Rancho 9000’s w/in-cab controller |
Installation date: 3/6/99
Because of time restraints (ie: school), I did the complete installation over the course of two weekends. I first installed the compressor and gauge/controller kit, since well, without the controller kit the shocks would be stuck on the lowest setting. I mounted the compressor to the fender well inside the engine bay, just behind the nose clip. Had I not installed the Turbo City Rock-it Tube and removed my airbox, I wouldn’t have had a very good place to mount the compressor (I’ve got ABS which takes up a lot of space under the hood). The compressor mounts using 2 3/8″ bolts, so you’ll have to do some drilling. Here you can see where the mounting screws go though the sheet metal, I made sure the screws wouldn’t interfere with the tires or anything else.
The gauges are custom mounted in the panel in the dash directly to the left of the stereo. This won’t work for some people, but on my rig the panel was blank so it didn’t make any difference (on ’97+ XJ’s you can mount the gauges in the ashtray with a little work, FOUR WHEELER did this on one of their project rigs). I bought the kit used and the guy I bought it from had already installed the gauges and controls in the panel, so all I had to do was run the lines and installed the panel in my dash. The gauges are lighted and I spliced the leads into the light leads for the cigarette lighter, this ensured the gauges would light up when I turned on the vehicle lights, and as an added bonus they dim with the interior lights as well.

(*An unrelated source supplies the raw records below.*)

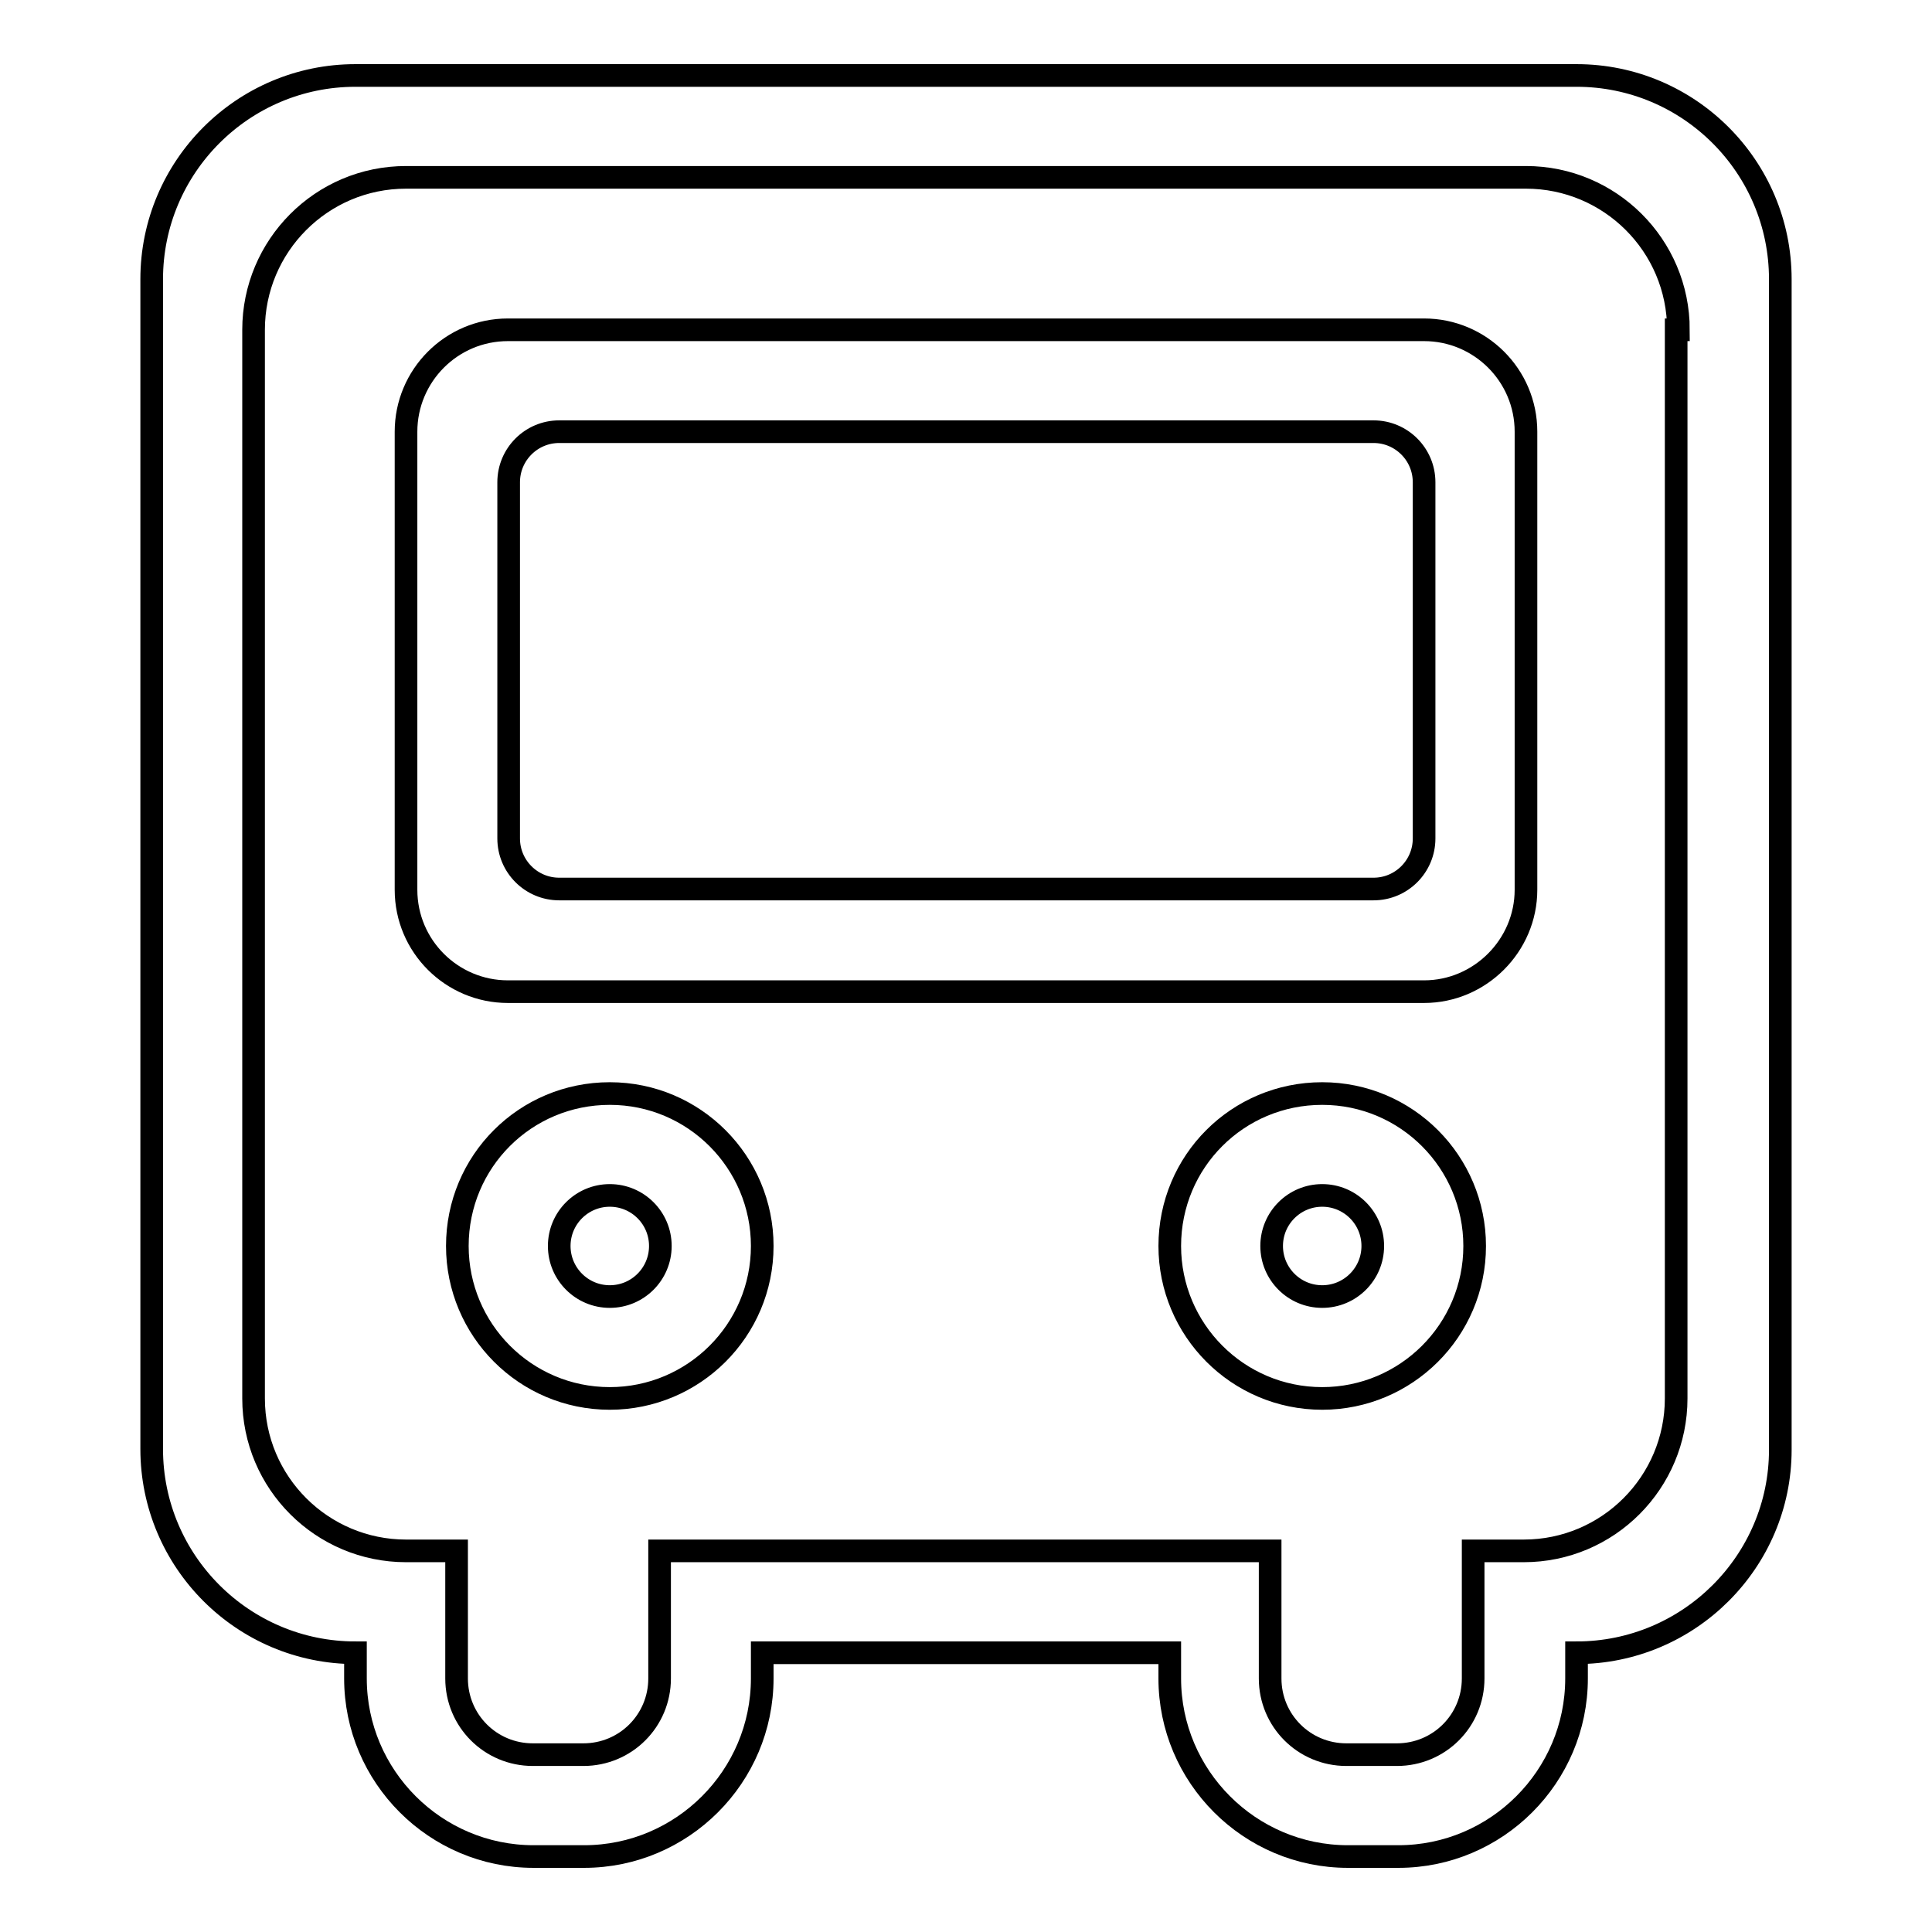 <?xml version="1.0" encoding="utf-8"?>
<!-- Svg Vector Icons : http://www.onlinewebfonts.com/icon -->
<!DOCTYPE svg PUBLIC "-//W3C//DTD SVG 1.1//EN" "http://www.w3.org/Graphics/SVG/1.1/DTD/svg11.dtd">
<svg version="1.1" xmlns="http://www.w3.org/2000/svg" xmlns:xlink="http://www.w3.org/1999/xlink" x="0px" y="0px" viewBox="0 0 256 256" enable-background="new 0 0 256 256" xml:space="preserve">
<g><g><path stroke-width="3" fill-opacity="0" stroke="#000000"  d="M208.9,219v3.4c0,13-10.6,23.6-23.6,23.6h-6.7c-13,0-23.6-10.6-23.6-23.6V219H101v3.4c0,13-10.6,23.6-23.6,23.6h-6.7c-13,0-23.6-10.6-23.6-23.6V219c-14.9,0-27-12.1-27-27V37c0-14.9,12.1-27,27-27h161.8c14.9,0,27,12.1,27,27v155.1C235.9,206.9,223.8,219,208.9,219z M222.4,43.7c0-11.2-9.1-20.2-20.2-20.2H53.8c-11.2,0-20.2,9.1-20.2,20.2v141.6c0,11.2,9.1,20.2,20.2,20.2h6.7v16.9c0,5.6,4.5,10.1,10.1,10.1h6.7c5.6,0,10.1-4.5,10.1-10.1v-16.9h80.9v16.9c0,5.6,4.5,10.1,10.1,10.1h6.7c5.6,0,10.1-4.5,10.1-10.1v-16.9h6.7c11.2,0,20.2-9.1,20.2-20.2V43.7L222.4,43.7z M188.7,131.4H67.3c-7.4,0-13.5-6-13.5-13.5V57.2c0-7.4,6-13.5,13.5-13.5h121.4c7.4,0,13.5,6,13.5,13.5v60.7C202.2,125.3,196.1,131.4,188.7,131.4z M188.7,63.9c0-3.7-3-6.7-6.7-6.7H74.1c-3.7,0-6.7,3-6.7,6.7v47.2c0,3.7,3,6.7,6.7,6.7h107.9c3.7,0,6.7-3,6.7-6.7V63.9L188.7,63.9z M80.8,144.9c11.2,0,20.2,9.1,20.2,20.2c0,11.2-9.1,20.2-20.2,20.2c-11.2,0-20.2-9.1-20.2-20.2C60.6,153.9,69.6,144.9,80.8,144.9z M80.8,171.8c3.7,0,6.7-3,6.7-6.7c0-3.7-3-6.7-6.7-6.7c-3.7,0-6.7,3-6.7,6.7C74.1,168.8,77.1,171.8,80.8,171.8z M175.2,144.9c11.2,0,20.2,9.1,20.2,20.2c0,11.2-9.1,20.2-20.2,20.2c-11.2,0-20.2-9.1-20.2-20.2C155,153.9,164,144.9,175.2,144.9z M175.2,171.8c3.7,0,6.7-3,6.7-6.7c0-3.7-3-6.7-6.7-6.7s-6.7,3-6.7,6.7C168.5,168.8,171.5,171.8,175.2,171.8z"/></g></g>
</svg>

Installing the front shocks required the use of eye-to-stud shock adapters since the RS9116’s I used up front are eye/eye shocks instead of the regular eye/stud shocks the XJ/YJ/TJ use. The adapters from my old Rubicon Express swaybar disconnects worked great for this. Since barpins are prone to developing slop and “clunking”, I decided to use BPE’s (barpin eliminators) on all the shocks. There are few companies, like JKS, that make BPE’s, but I decide to make my own. The front BPE’s are made of 1/8″ angle-iron and a couple of washers, I would have liked to use 3/16″ but there wasn’t enought room to use metal that thick. The top adapters add 1.5″ to the overall shock length and the front BPE’s I made add another 1″. For the rear BPE’s I simply used the brackets from my rear swaybar links, they bolted right up and were a perfect fit, so if you’ve removed your rear swaybar you’ve got free BPE’s for your rear shocks. After driving around with the shocks and BPE’s installed, the BPE’s made a big difference, I’ll hacksaw the barpins out before I install another set of shocks with them.
Running the airlines was no big deal, and not very hard. There are quite a few little holes in the front fenders to choose from to run the lines down to the front shocks. To get the airlines to the rear I simply followed the factory brakelines all the way to the shocks. Just make sure you leave enough slack in the lines so that you don’t rip them out on the trail.
When I get around to it, I’m going to redo the rear lines so that the back distribution block is up by the top of the shocks, not down on the side of the frame rail as you see in the bottom right photo.